Maybe Martin can mark your post above as question answered so the post will be front and centre.. 

Nice one


----------



## Grainer (8/8/15)

looks like I will have to pull out if it is in Marionvale??.. its a bit far for me.


----------



## Yob (8/8/15)

Harsh...


----------



## MartinOC (9/8/15)

Yob said:


> Maybe Martin can mark your post above as question answered so the post will be front and centre..
> 
> Nice one


Dunno how to do this. I don't seem able to amend my OP. Wouldn't this be a job for Mod's/Admin?


----------



## Yob (9/8/15)

You don't see a button on his post? "best answer" or some such?


----------



## MartinOC (9/8/15)

Nope, 'ain't no such button.....


----------



## Midnight Brew (10/8/15)

Grainer said:


> looks like I will have to pull out if it is in Marionvale??.. its a bit far for me.


In fairness to our host, Wayne has been an absolute top bloke for our brewing community and what he has contributed to our case swaps. A majority of swaps have been long and far from Wayne but he has still shown up every time and not to mention with a literal trailer load of his equipment (which is part of the reason we have been able to get so many cubes).

It is a _*Victorian*_ case swap.

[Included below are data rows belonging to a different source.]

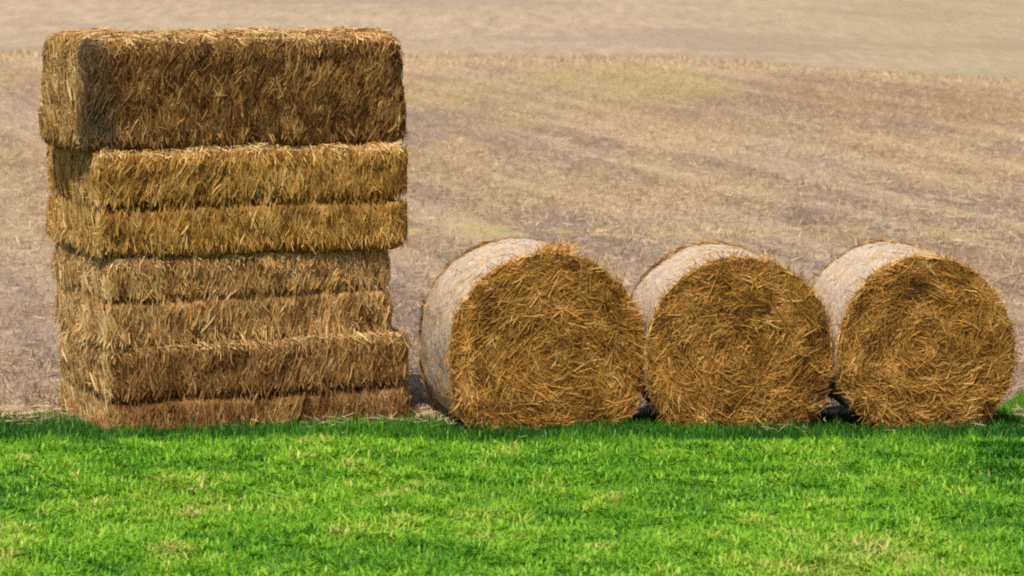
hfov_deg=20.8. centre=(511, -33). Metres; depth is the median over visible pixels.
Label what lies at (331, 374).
square bale
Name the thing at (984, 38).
field
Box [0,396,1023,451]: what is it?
loose straw
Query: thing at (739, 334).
round bale
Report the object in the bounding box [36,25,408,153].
square bale
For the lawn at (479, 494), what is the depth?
16.79 m
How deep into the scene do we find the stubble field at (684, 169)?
42.75 m
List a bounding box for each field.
[0,0,1023,81]
[0,55,1023,418]
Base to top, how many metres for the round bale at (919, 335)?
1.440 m
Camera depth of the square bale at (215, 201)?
20.09 m
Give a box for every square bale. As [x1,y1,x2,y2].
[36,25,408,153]
[42,140,410,263]
[50,244,394,353]
[56,324,411,434]
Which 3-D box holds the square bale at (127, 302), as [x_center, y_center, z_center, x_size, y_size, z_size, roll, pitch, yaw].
[-2.177,2.376,20.822,2.317,0.772,1.650,0,0,-24]
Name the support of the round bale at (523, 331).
on the lawn at (479, 494)
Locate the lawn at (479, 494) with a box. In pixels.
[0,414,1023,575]
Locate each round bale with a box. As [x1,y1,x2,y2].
[410,233,647,432]
[630,236,837,430]
[810,233,1022,429]

You know you'll be missing out if you dont come.


----------



## Grainer (10/8/15)

I know.. but like I said a bit far.... and I am writing up my Thesis ... but having said that you will notice my name hasn't been taken off the list ... YET !


----------



## MartinOC (10/8/15)

You've got a whole year to do your thesis & also make plans to turn-up to the swap. Better get writing.......


----------



## Grainer (10/8/15)

doh wrong thread.. too much in advance.. these early threads are doing my head in.. everyone is WAY too eager.. I meant for the 2015 xmas one where eva that one is !!


----------



## Yob (10/8/15)

Grainer said:


> I meant for the 2015 xmas one where eva that one is !!


you're missing out on the pro brewery rig one?

you ******* nutter :lol: :unsure: :blink:

LINKY


----------



## JB (10/8/15)

1. Whiteferret
2. Idzy
3. Nullnvoid
4. MartinOC
5. Mardoo
6. VP Brewing
7. Curly79
8. Technobabble66
9. droid
10. AJ80
11. DJ_L3ThAL
12. GrumpyPaul
13. reardo
14. Midnight Brew
15. Grainer
16. Brewnut
17. thearn
18. Mudd
19. JB
20. Micbrew
21. Navarau

Cubers:
1. Whiteferret
2. Idzy
3. Nullnvoid
4. MartinOC
5. Mardoo
6. VP Brewing
7. Curly79
8. Technobabble66
9. droid 
10. AJ80 
​11. DJ_L3ThAL
12. GrumpyPaul
13. Reardo (hope I've done this right) 
14. Midnight Brew 
15. Grainer
16. Brewnut
17. thearn
18. Mudd
19. JB
20. Micbrew
21. Navarau

Just found this thread... just made it in ...


----------



## micbrew (11/8/15)

Good job jase!


----------



## MartinOC (25/3/16)

Idzy (possibly in a fit of pique, possibly pickled  & without checking for a pre-existing thread) started a new one for this event some 5 months later.... 

It can be found here:

http://aussiehomebrewer.com/topic/88970-vic-2016-xmas-in-july-case-swap/

Perhaps a kindly admin/Mod. could now lock this one? No need for a merge.


----------